*EXERCISE REQUIREMENTS*: Could you please retype all of the records exactly, skipping any pictures?

--- INFORMATION ---

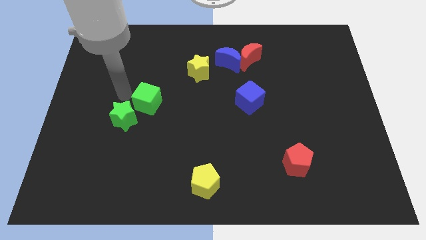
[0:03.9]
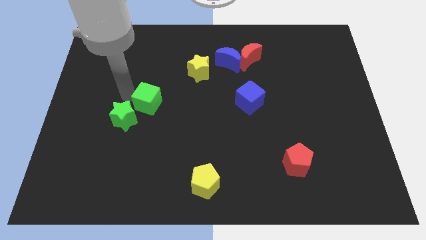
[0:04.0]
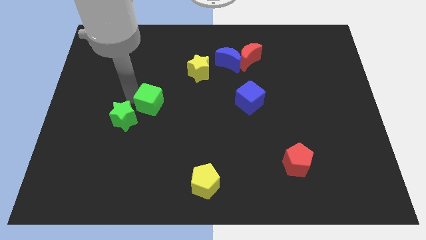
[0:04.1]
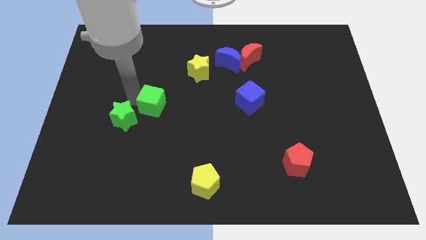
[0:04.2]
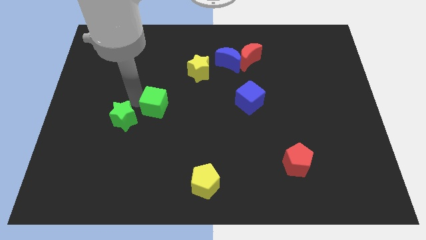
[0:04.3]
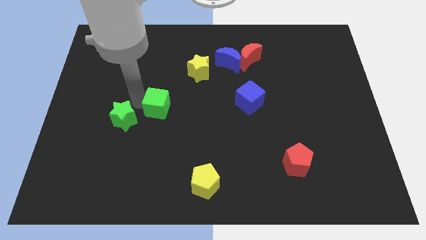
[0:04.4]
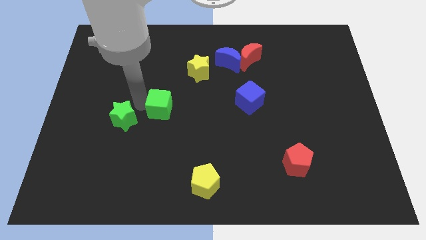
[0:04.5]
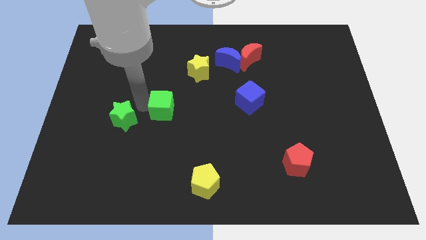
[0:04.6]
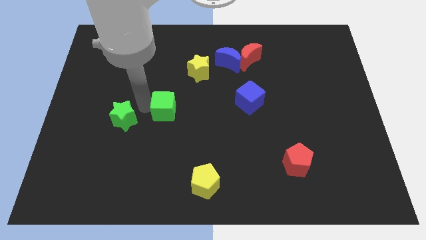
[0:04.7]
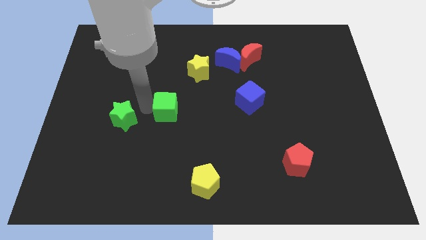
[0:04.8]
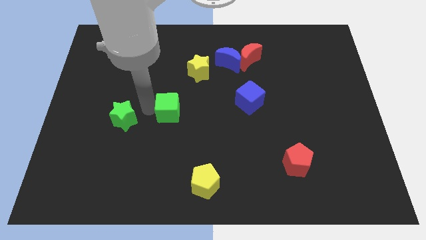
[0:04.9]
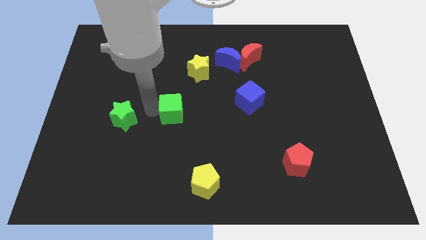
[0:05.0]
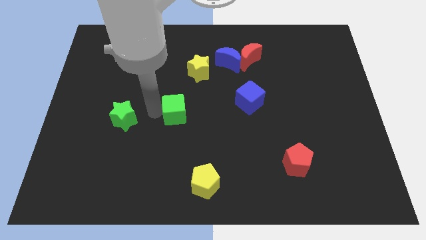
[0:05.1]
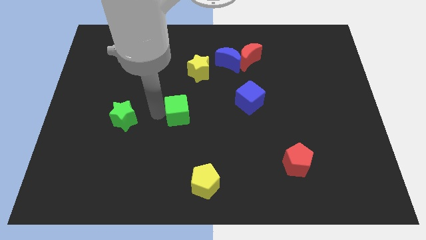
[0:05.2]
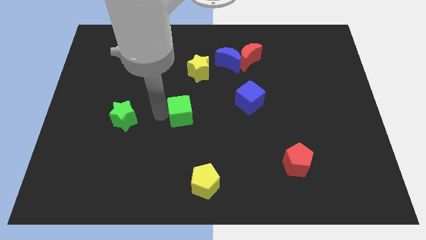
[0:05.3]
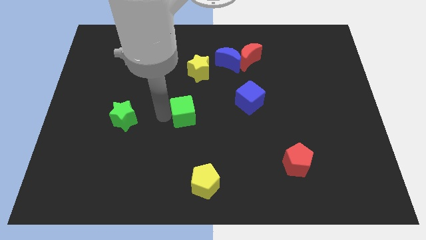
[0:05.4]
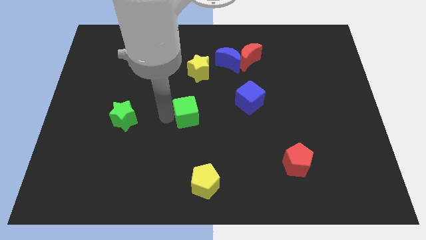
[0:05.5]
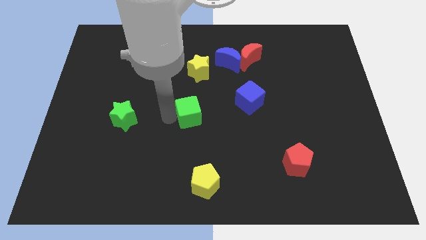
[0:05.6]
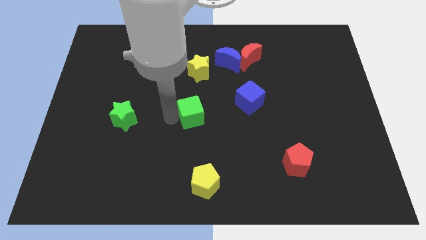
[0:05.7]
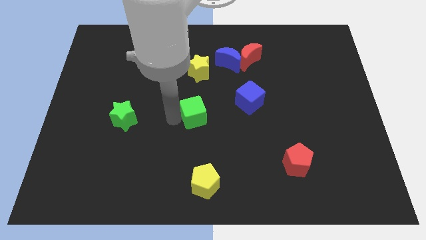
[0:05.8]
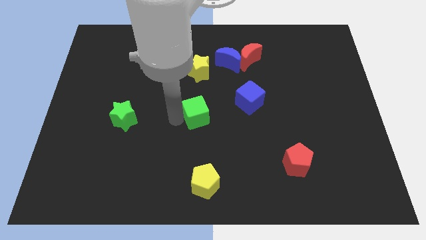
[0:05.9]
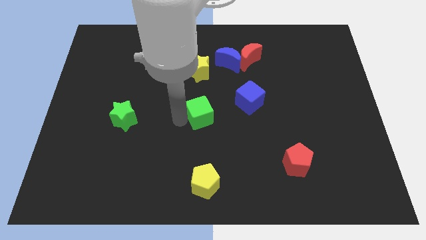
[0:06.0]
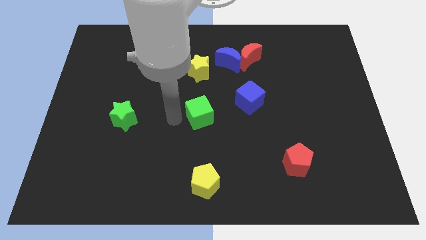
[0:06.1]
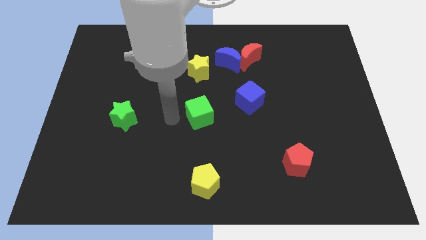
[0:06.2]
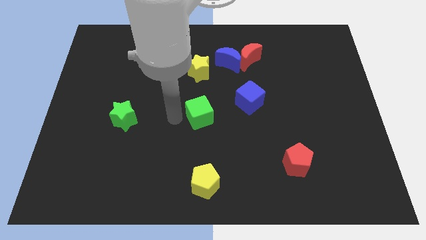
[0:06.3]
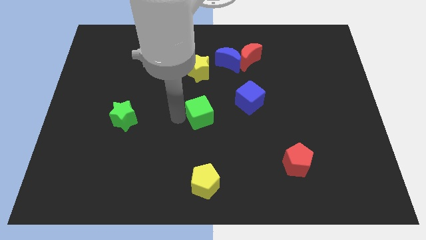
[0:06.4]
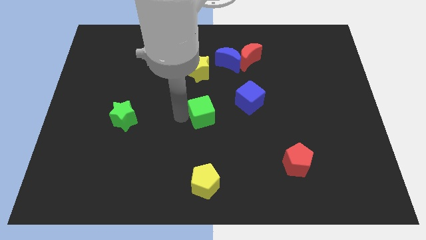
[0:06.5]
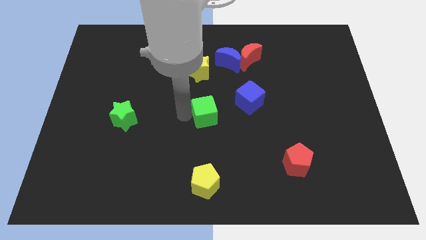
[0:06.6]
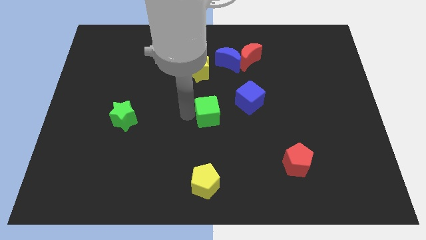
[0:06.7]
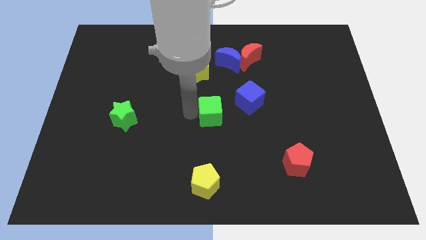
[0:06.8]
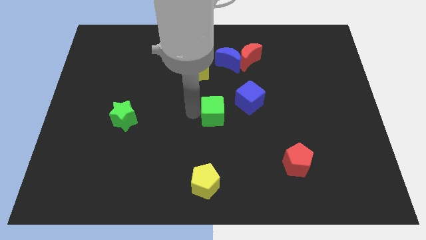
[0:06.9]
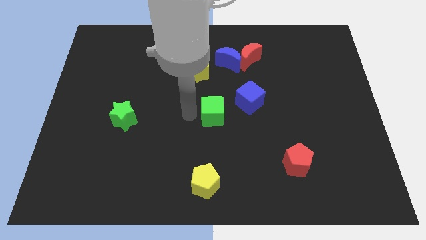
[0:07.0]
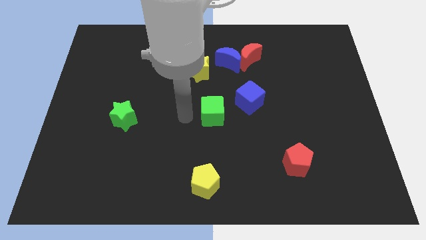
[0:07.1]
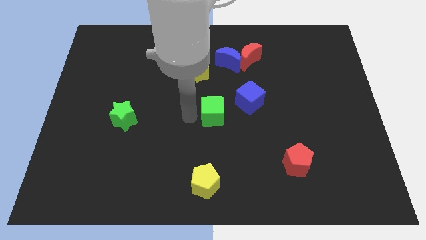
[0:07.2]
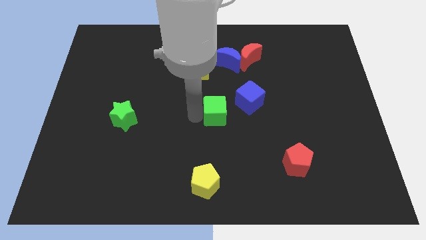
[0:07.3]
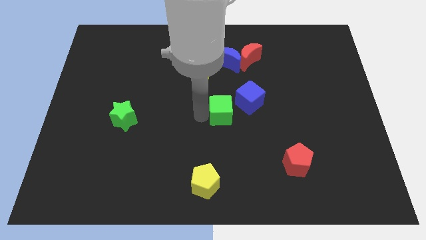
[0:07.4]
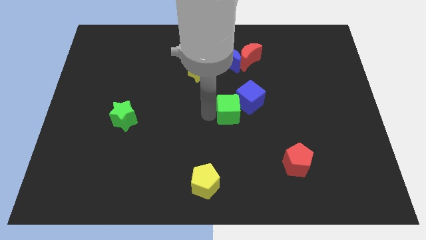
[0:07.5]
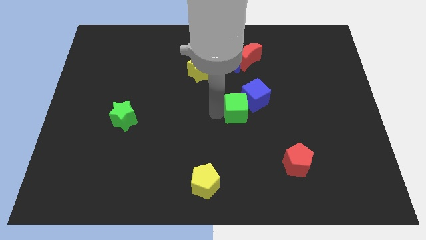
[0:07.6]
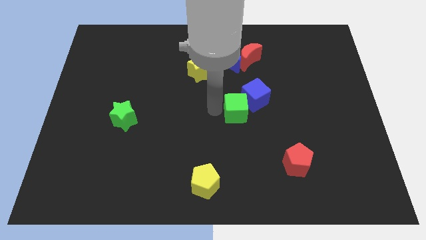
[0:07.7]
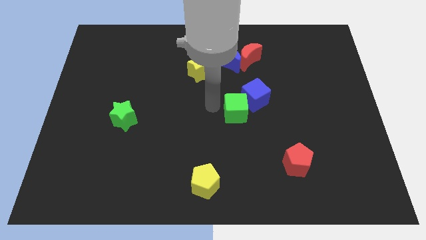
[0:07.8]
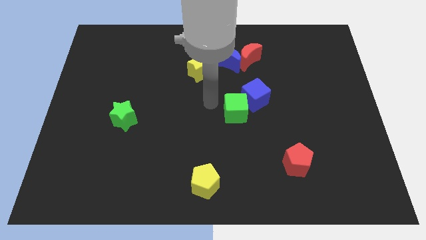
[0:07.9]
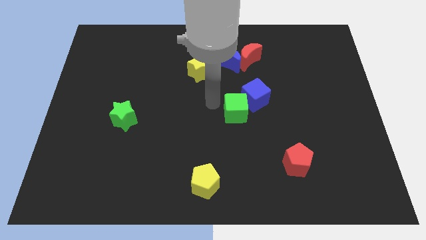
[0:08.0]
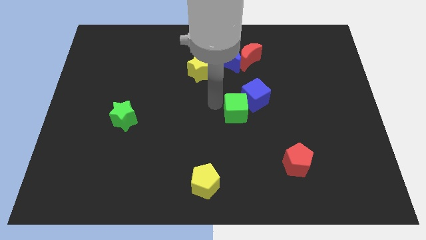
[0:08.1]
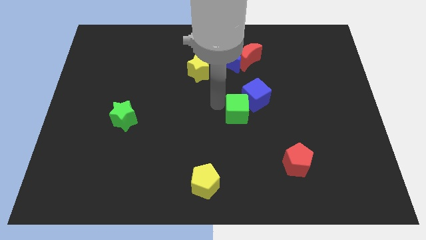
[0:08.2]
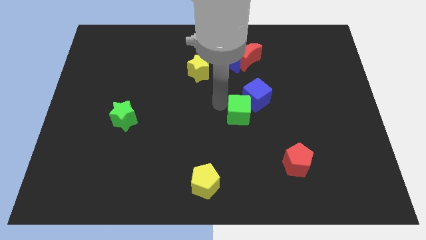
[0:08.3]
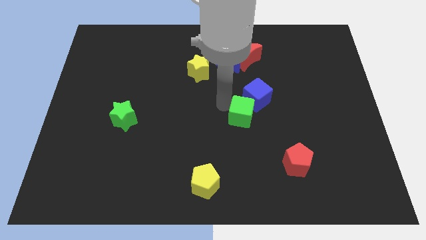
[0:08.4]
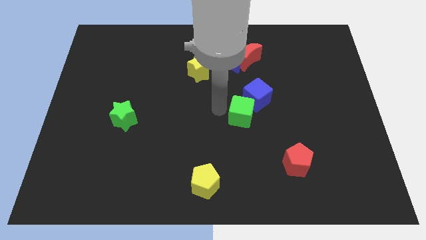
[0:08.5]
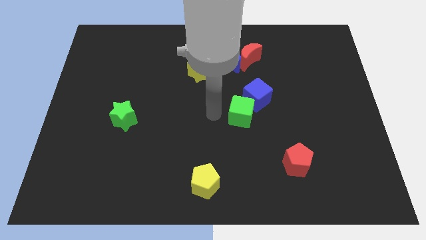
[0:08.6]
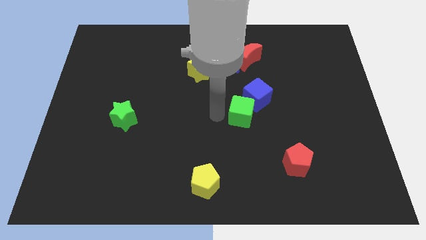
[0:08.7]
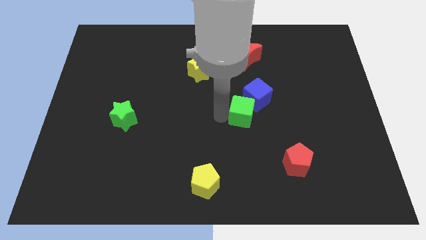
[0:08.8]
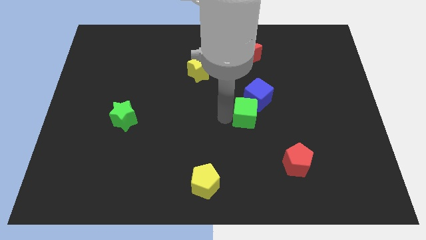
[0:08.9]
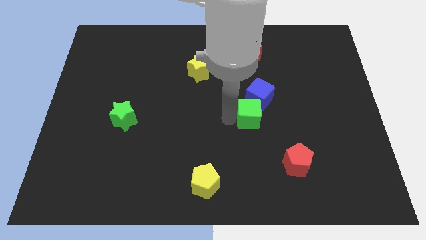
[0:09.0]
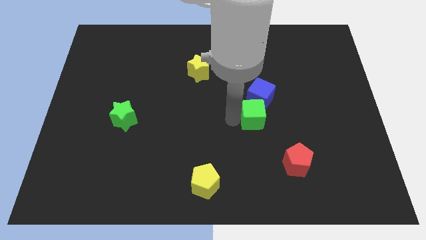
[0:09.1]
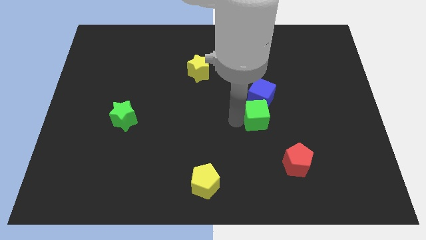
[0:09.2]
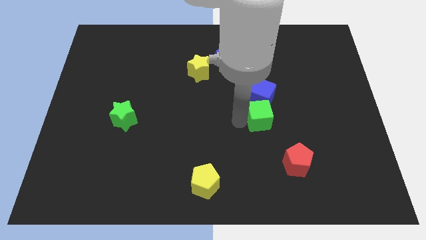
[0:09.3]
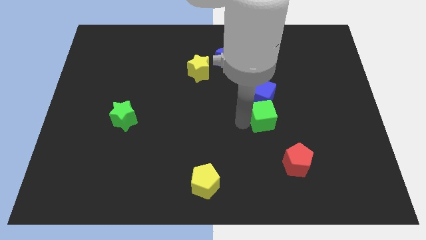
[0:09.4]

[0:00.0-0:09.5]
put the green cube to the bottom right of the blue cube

---

*RESPONSE TO THIS TASK*:
[0:03.9]
[0:04.0]
[0:04.1]
[0:04.2]
[0:04.3]
[0:04.4]
[0:04.5]
[0:04.6]
[0:04.7]
[0:04.8]
[0:04.9]
[0:05.0]
[0:05.1]
[0:05.2]
[0:05.3]
[0:05.4]
[0:05.5]
[0:05.6]
[0:05.7]
[0:05.8]
[0:05.9]
[0:06.0]
[0:06.1]
[0:06.2]
[0:06.3]
[0:06.4]
[0:06.5]
[0:06.6]
[0:06.7]
[0:06.8]
[0:06.9]
[0:07.0]
[0:07.1]
[0:07.2]
[0:07.3]
[0:07.4]
[0:07.5]
[0:07.6]
[0:07.7]
[0:07.8]
[0:07.9]
[0:08.0]
[0:08.1]
[0:08.2]
[0:08.3]
[0:08.4]
[0:08.5]
[0:08.6]
[0:08.7]
[0:08.8]
[0:08.9]
[0:09.0]
[0:09.1]
[0:09.2]
[0:09.3]
[0:09.4]

[0:00.0-0:09.5]
put the green cube to the bottom right of the blue cube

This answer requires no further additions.